Neuralgia, and Neuralgic Headache more particularly, has been palliated and even cured by one-quarter to one-half grain doses of the extract, given two or three times a day. Cannabis also relieves dysuria, accompanied by bloody urine.

Chorea and Delirium Tremens are likewise said to have yielded to it; in the latter, if hypnotics must be employed at all, Indian hemp is one of the least dangerous and most useful. Half to one grain of the extract should be given as a dose.
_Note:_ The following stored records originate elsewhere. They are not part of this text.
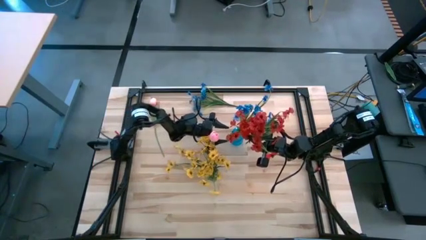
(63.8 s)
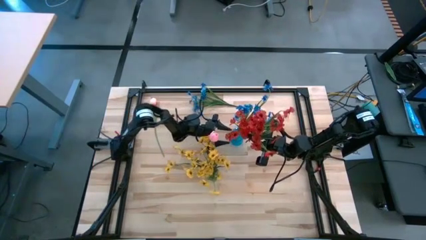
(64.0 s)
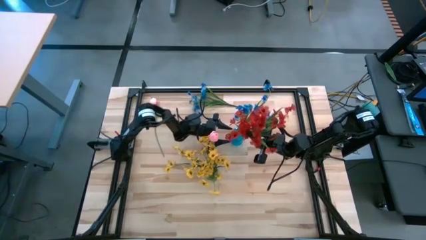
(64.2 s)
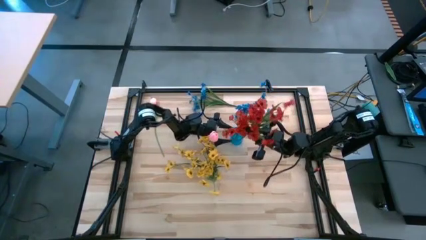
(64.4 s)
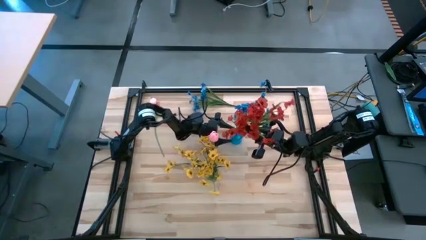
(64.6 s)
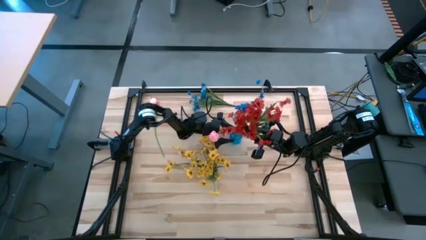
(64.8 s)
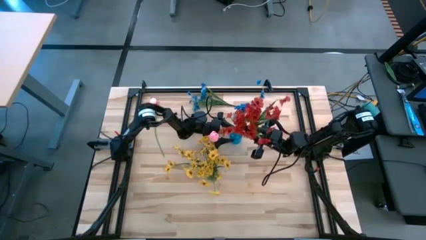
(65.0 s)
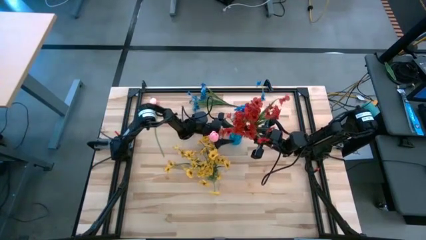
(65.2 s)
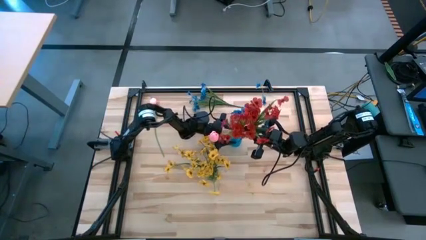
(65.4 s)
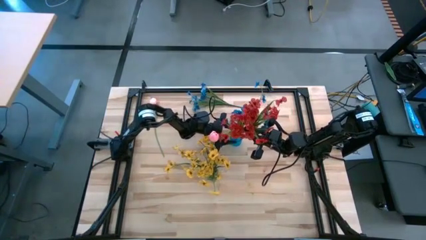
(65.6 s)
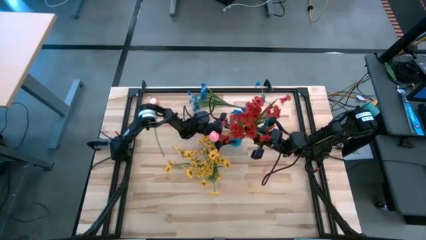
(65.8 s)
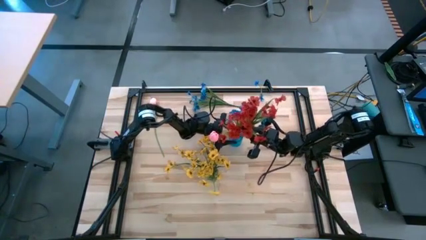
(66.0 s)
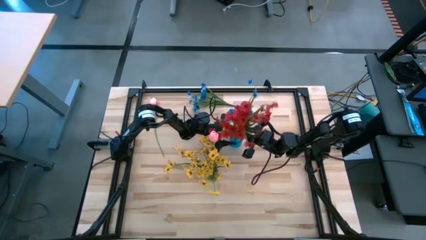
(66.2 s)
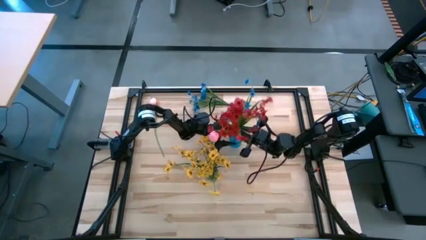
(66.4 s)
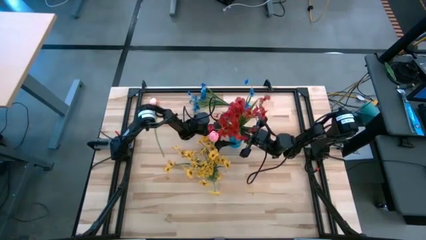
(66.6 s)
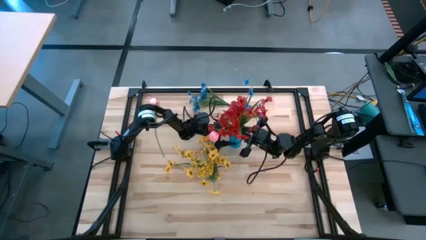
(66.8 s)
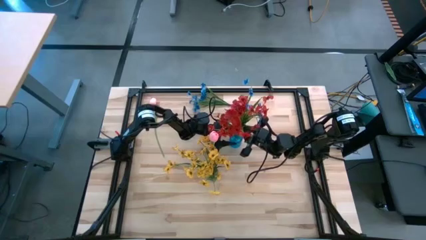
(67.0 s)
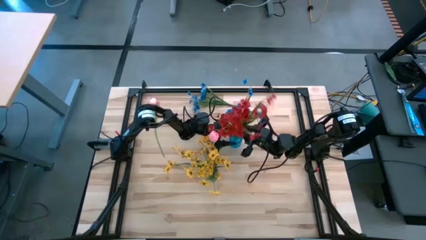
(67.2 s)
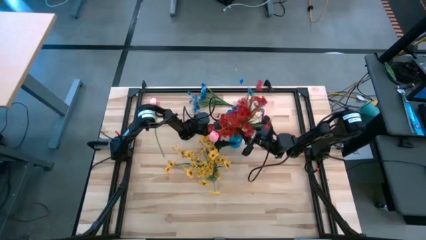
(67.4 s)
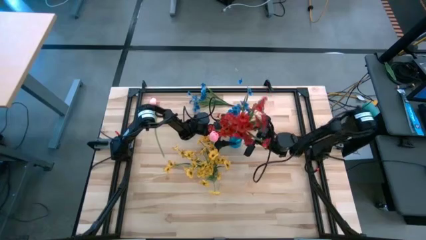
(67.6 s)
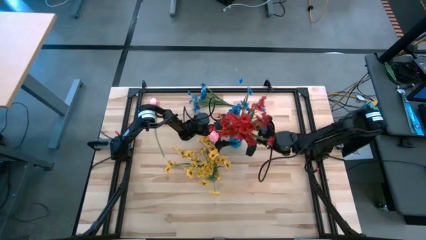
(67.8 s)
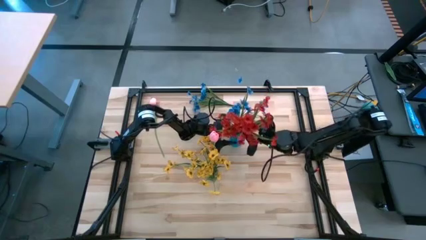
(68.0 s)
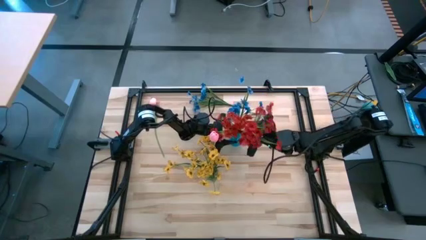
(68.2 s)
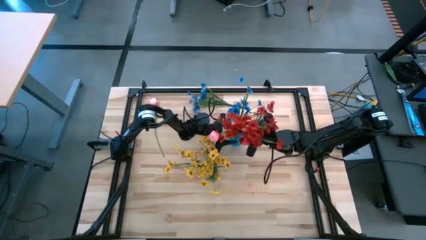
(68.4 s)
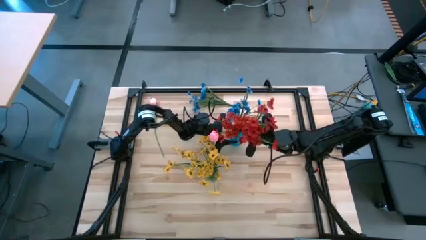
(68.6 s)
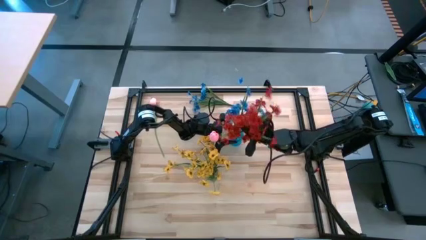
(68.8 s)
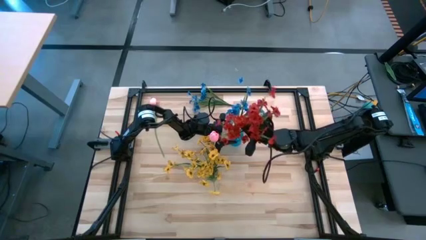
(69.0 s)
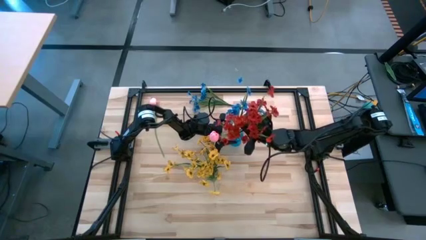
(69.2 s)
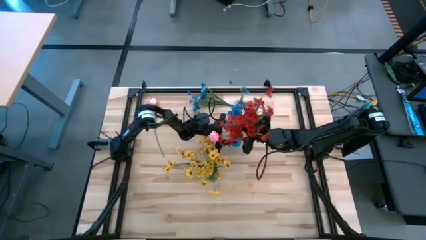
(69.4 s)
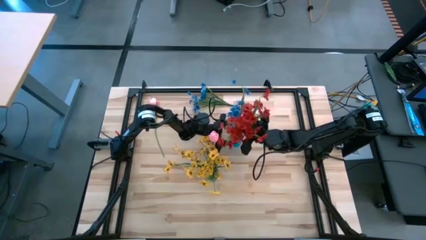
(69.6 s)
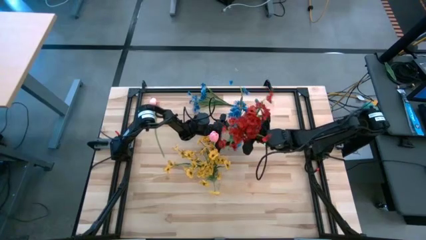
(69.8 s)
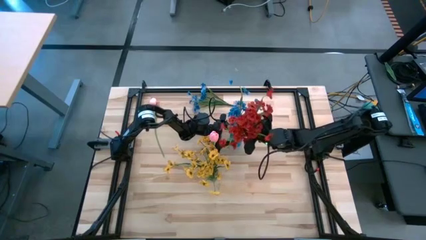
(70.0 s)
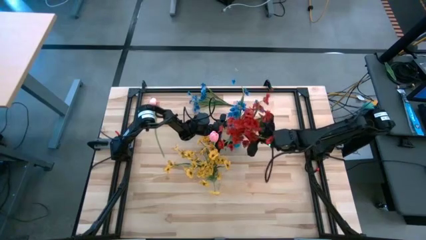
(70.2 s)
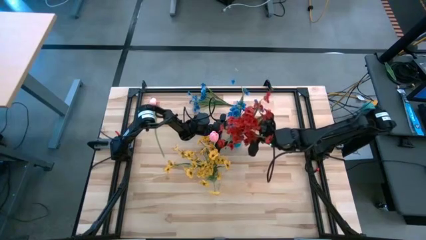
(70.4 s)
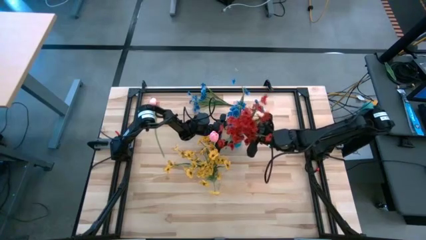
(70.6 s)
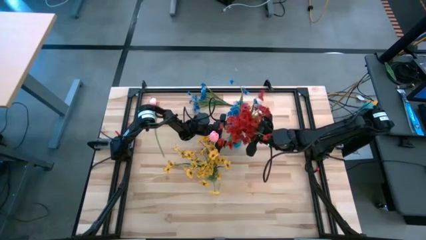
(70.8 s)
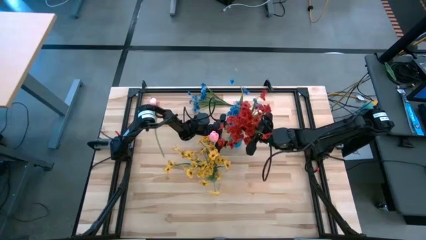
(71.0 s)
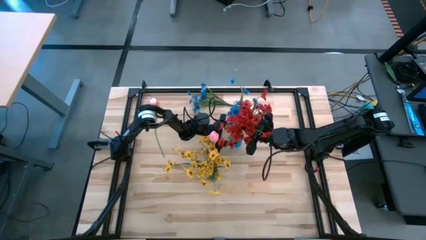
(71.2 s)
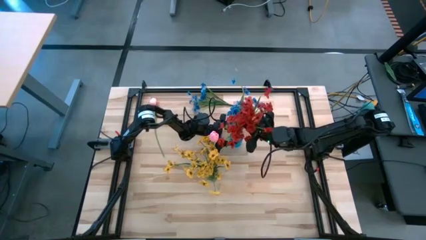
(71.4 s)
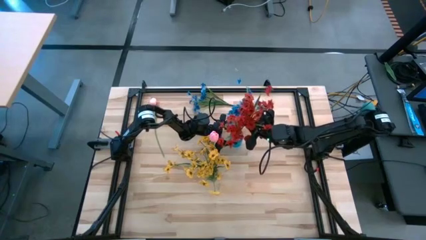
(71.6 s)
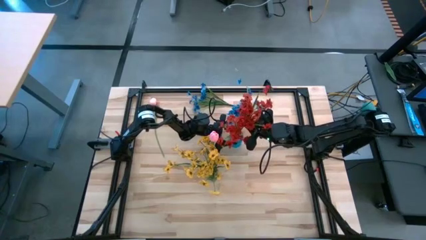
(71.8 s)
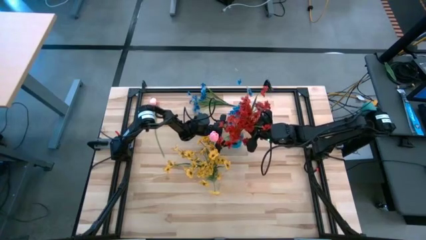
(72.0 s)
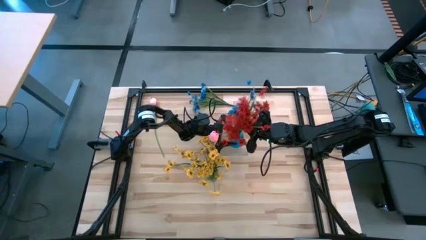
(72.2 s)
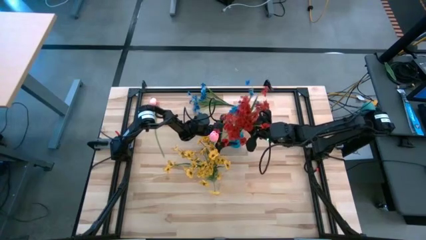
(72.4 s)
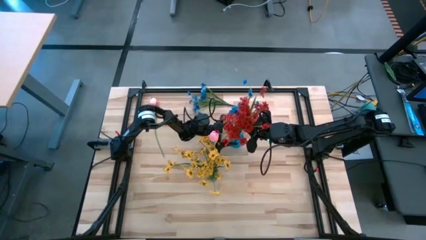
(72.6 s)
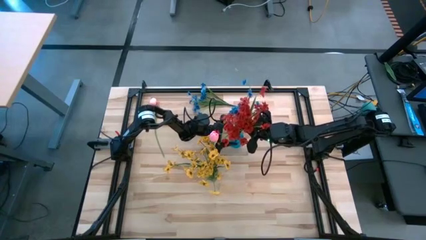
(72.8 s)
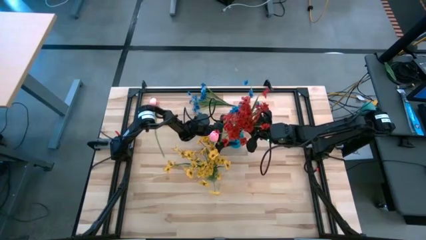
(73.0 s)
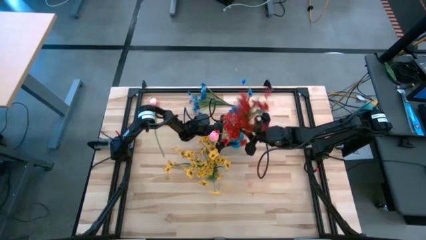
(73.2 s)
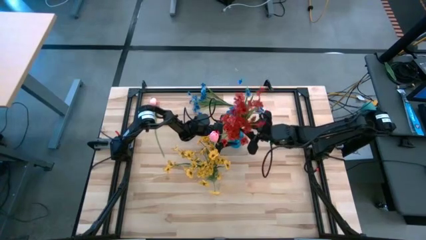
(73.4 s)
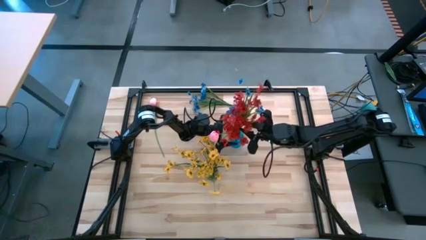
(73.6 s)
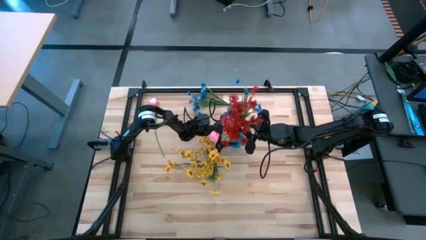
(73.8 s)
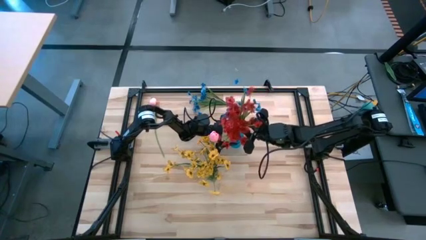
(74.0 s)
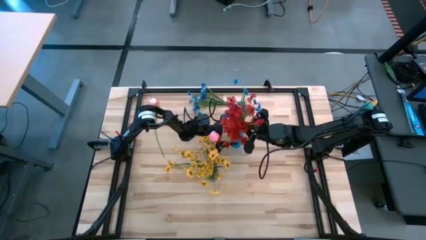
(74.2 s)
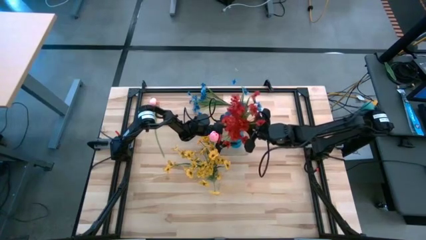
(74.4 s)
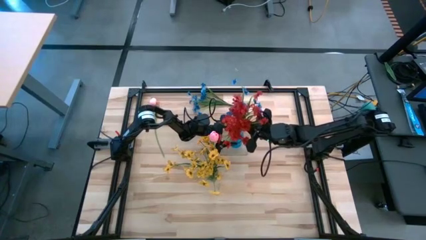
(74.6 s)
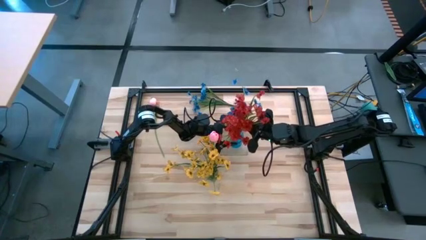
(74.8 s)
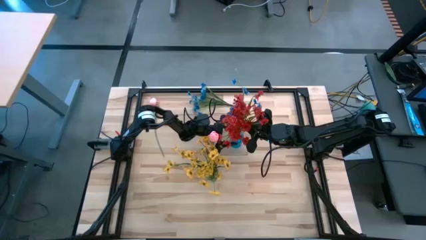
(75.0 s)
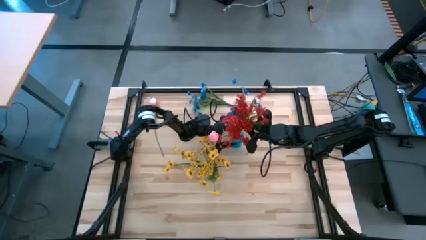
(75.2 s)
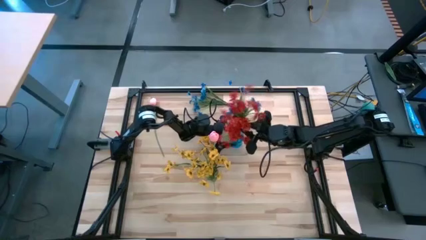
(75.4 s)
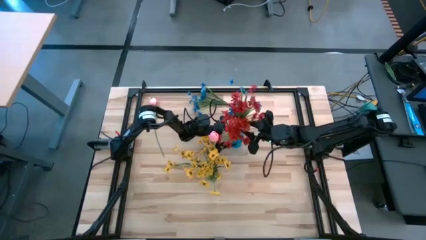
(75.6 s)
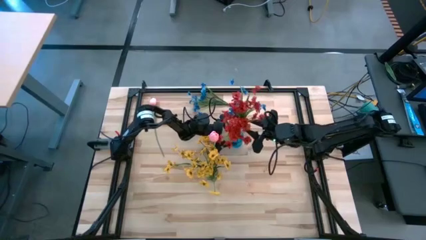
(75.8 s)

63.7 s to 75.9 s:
Task: Sort flowers into vase by color
Put the red flowers into the blue flower vase

(There is a good deal of confusion on the subject of hemp in this country, as there are at least three substances that pass under this name. These are, first, the resin obtained from the C. sativa grown in Asia, and distinguished in the Pharmacopoeia as the C. Indica; second, the product of the C. sativa of this country, and called (in the Pharmacopoeia) C Americana; third, the indigenous "Indian hemp " or Apocynum canna-binum. The narcotic properties of the C. Americana are much feebler than those of the C. Indica. The Apocynum is an active diuretic)

Preparations And Dose. - Tinctura Cannabis (Indicae),m v. - xx. (.30 - 1.20); Extract. Cannabis Indicae, gr. 1/6 - 1/2 (.01 - .03); Extract. Cannabis Americanae, gr. 1/2 - ij. (.03 - .12). The tincture of C. Americana that we have used in gonorrhoea is made from the fresh leaves and young twigs, one part; alcohol, two parts.